(Source records)
= = = = =
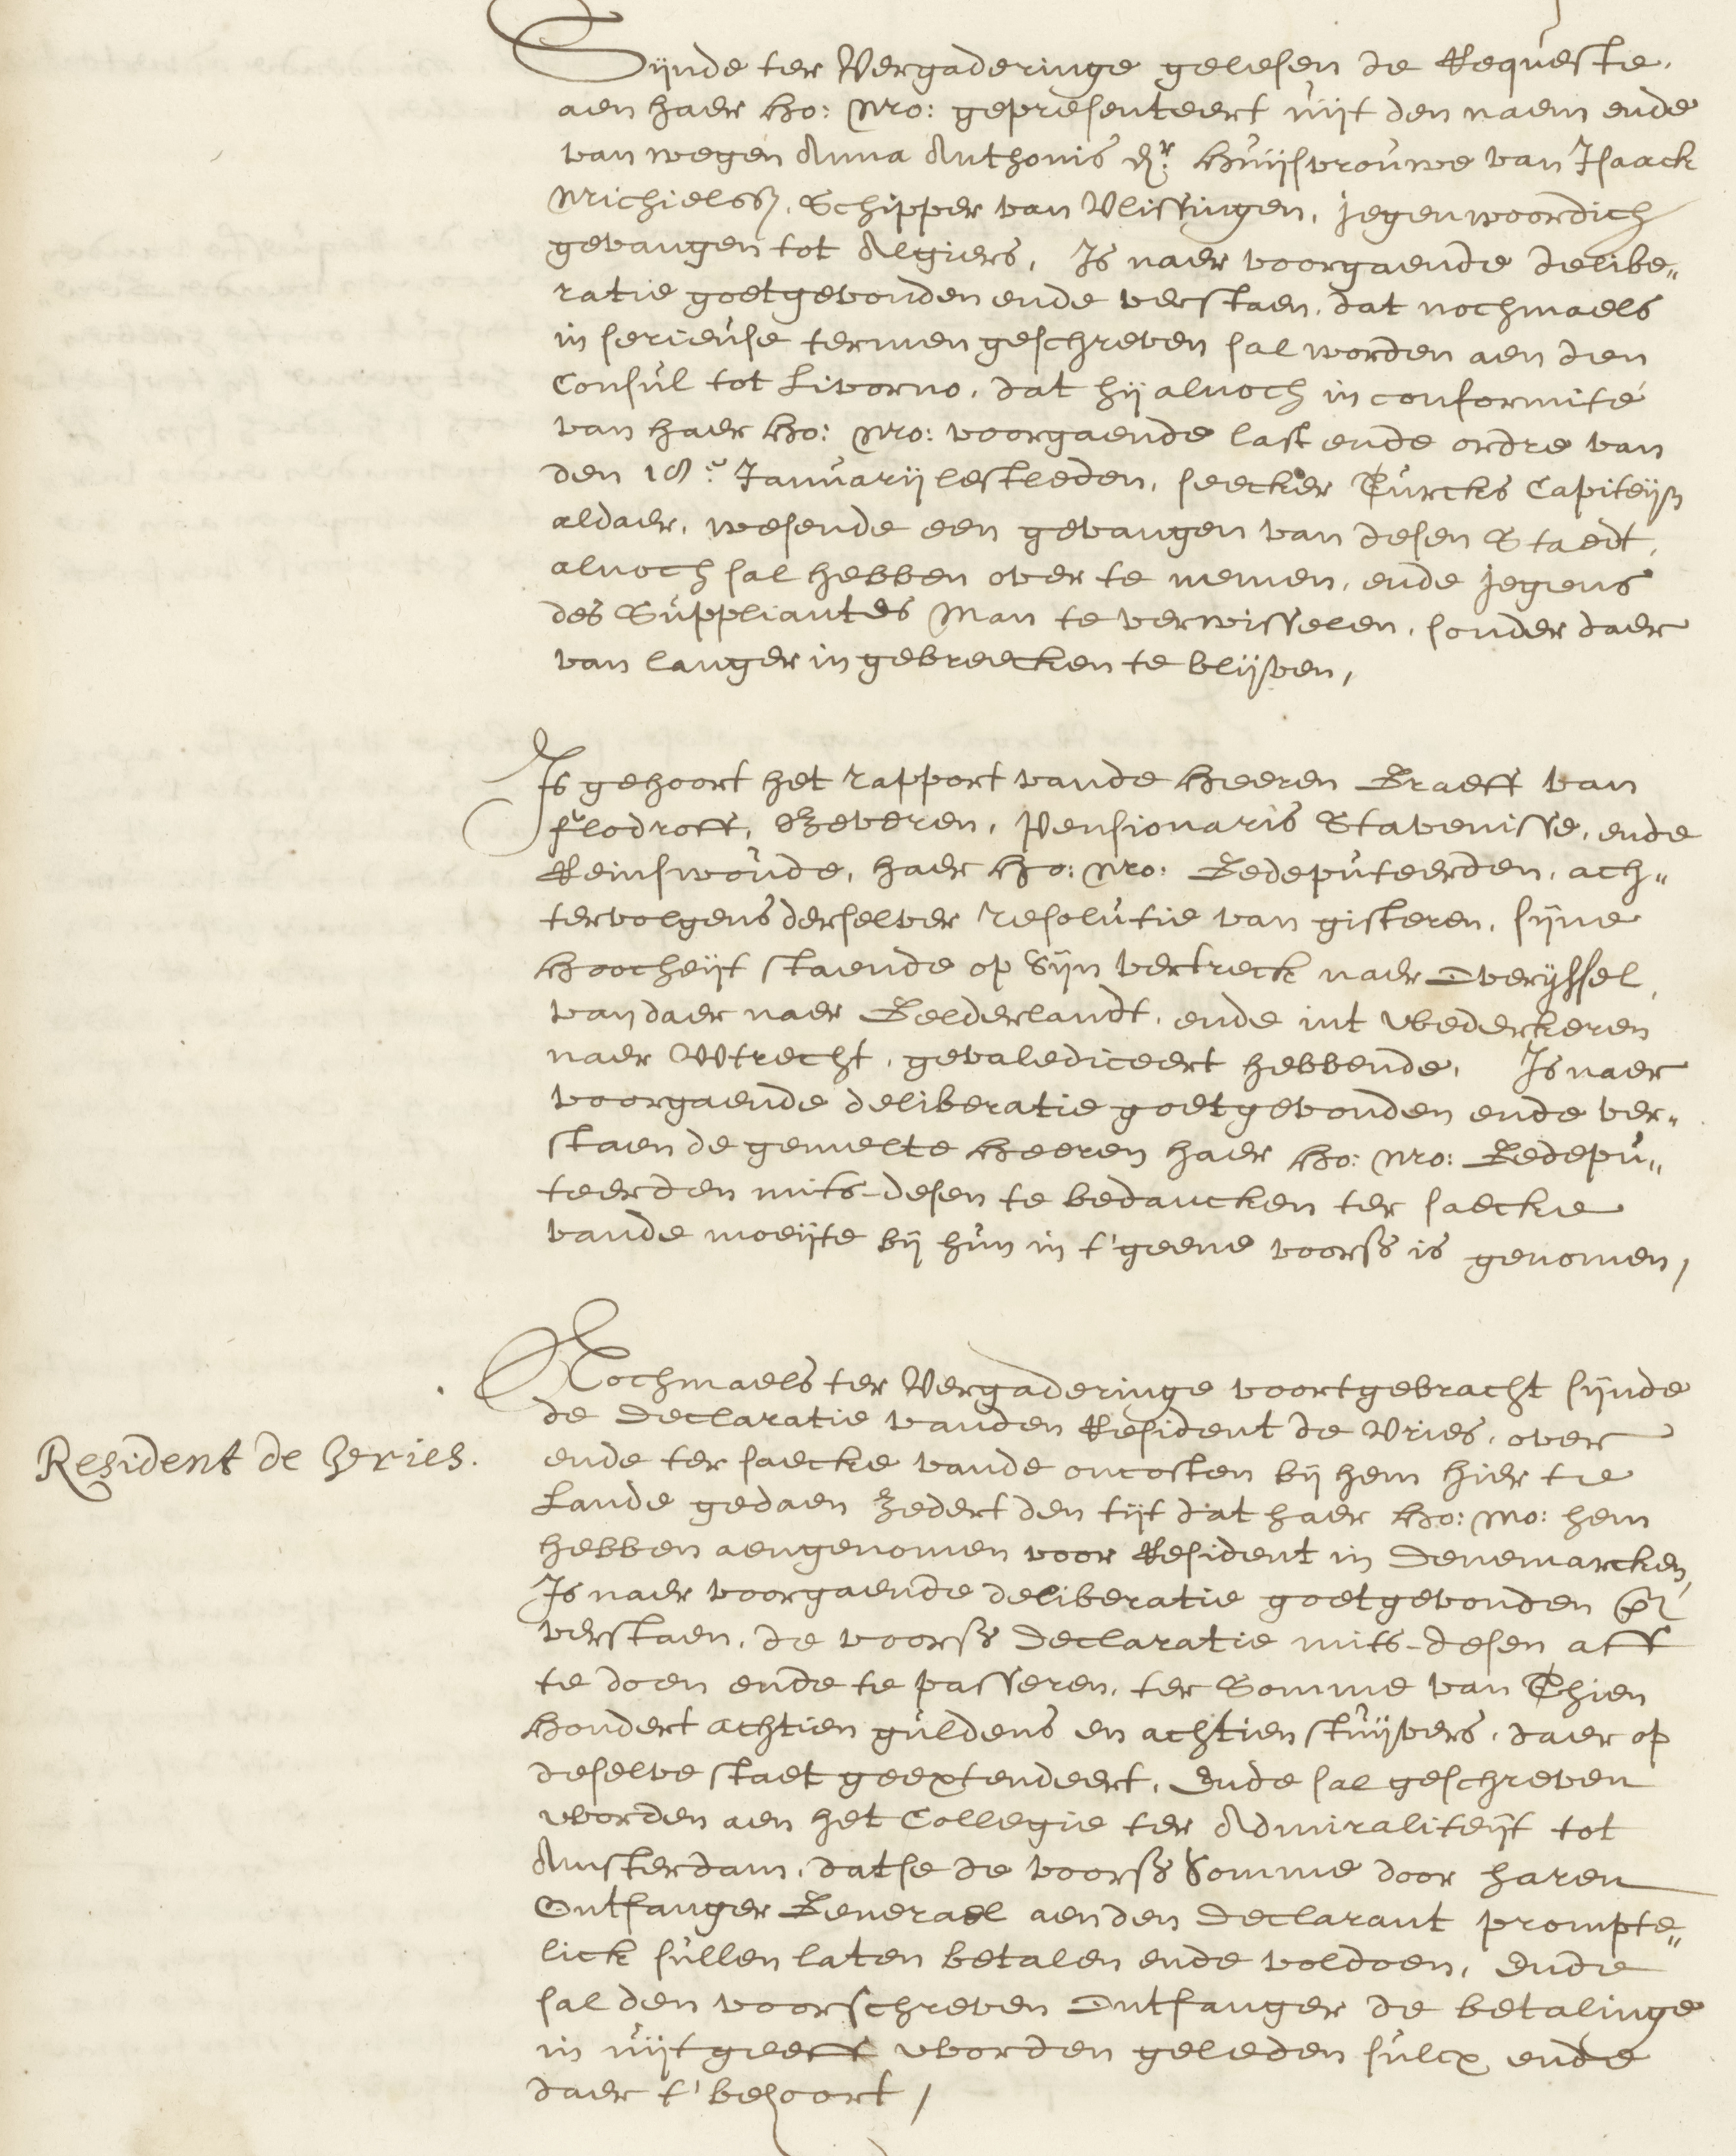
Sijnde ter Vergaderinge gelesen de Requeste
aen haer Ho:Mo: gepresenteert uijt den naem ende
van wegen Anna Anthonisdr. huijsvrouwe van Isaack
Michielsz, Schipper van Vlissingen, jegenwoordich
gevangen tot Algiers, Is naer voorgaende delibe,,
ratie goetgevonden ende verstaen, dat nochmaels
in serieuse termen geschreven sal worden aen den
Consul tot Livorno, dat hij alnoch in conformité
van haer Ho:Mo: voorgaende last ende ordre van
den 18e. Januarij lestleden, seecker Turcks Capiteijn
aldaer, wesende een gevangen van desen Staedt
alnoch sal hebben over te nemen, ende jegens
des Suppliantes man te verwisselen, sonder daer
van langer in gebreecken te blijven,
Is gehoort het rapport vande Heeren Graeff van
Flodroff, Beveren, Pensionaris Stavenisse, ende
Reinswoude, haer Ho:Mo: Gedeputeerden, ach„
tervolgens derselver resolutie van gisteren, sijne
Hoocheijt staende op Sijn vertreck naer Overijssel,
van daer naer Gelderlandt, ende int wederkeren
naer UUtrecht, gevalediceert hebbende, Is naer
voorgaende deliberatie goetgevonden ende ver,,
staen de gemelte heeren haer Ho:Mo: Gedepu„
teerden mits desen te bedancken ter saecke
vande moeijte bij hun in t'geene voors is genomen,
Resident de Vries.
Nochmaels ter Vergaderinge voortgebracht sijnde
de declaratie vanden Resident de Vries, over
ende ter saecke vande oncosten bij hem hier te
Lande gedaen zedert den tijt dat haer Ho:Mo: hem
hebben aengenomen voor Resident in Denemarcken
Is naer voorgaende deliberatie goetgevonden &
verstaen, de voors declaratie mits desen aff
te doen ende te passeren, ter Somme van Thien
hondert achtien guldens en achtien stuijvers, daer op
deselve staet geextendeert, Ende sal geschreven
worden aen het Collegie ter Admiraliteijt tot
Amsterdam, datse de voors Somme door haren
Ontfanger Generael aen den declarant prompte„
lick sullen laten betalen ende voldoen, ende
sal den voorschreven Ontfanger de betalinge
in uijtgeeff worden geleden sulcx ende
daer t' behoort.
= = = = =
» **Required action**
The records above are to be transcribed word for word. Skip the images.

» **Task answer**
Sijnde ter Vergaderinge gelesen de Requeste
aen haer Ho:Mo: gepresenteert uijt den naem ende
van wegen Anna Anthonisdr. huijsvrouwe van Isaack
Michielsz, Schipper van Vlissingen, jegenwoordich
gevangen tot Algiers, Is naer voorgaende delibe,,
ratie goetgevonden ende verstaen, dat nochmaels
in serieuse termen geschreven sal worden aen den
Consul tot Livorno, dat hij alnoch in conformité
van haer Ho:Mo: voorgaende last ende ordre van
den 18e. Januarij lestleden, seecker Turcks Capiteijn
aldaer, wesende een gevangen van desen Staedt
alnoch sal hebben over te nemen, ende jegens
des Suppliantes man te verwisselen, sonder daer
van langer in gebreecken te blijven,
Is gehoort het rapport vande Heeren Graeff van
Flodroff, Beveren, Pensionaris Stavenisse, ende
Reinswoude, haer Ho:Mo: Gedeputeerden, ach„
tervolgens derselver resolutie van gisteren, sijne
Hoocheijt staende op Sijn vertreck naer Overijssel,
van daer naer Gelderlandt, ende int wederkeren
naer UUtrecht, gevalediceert hebbende, Is naer
voorgaende deliberatie goetgevonden ende ver,,
staen de gemelte heeren haer Ho:Mo: Gedepu„
teerden mits desen te bedancken ter saecke
vande moeijte bij hun in t'geene voors is genomen,
Resident de Vries.
Nochmaels ter Vergaderinge voortgebracht sijnde
de declaratie vanden Resident de Vries, over
ende ter saecke vande oncosten bij hem hier te
Lande gedaen zedert den tijt dat haer Ho:Mo: hem
hebben aengenomen voor Resident in Denemarcken
Is naer voorgaende deliberatie goetgevonden &
verstaen, de voors declaratie mits desen aff
te doen ende te passeren, ter Somme van Thien
hondert achtien guldens en achtien stuijvers, daer op
deselve staet geextendeert, Ende sal geschreven
worden aen het Collegie ter Admiraliteijt tot
Amsterdam, datse de voors Somme door haren
Ontfanger Generael aen den declarant prompte„
lick sullen laten betalen ende voldoen, ende
sal den voorschreven Ontfanger de betalinge
in uijtgeeff worden geleden sulcx ende
daer t' behoort.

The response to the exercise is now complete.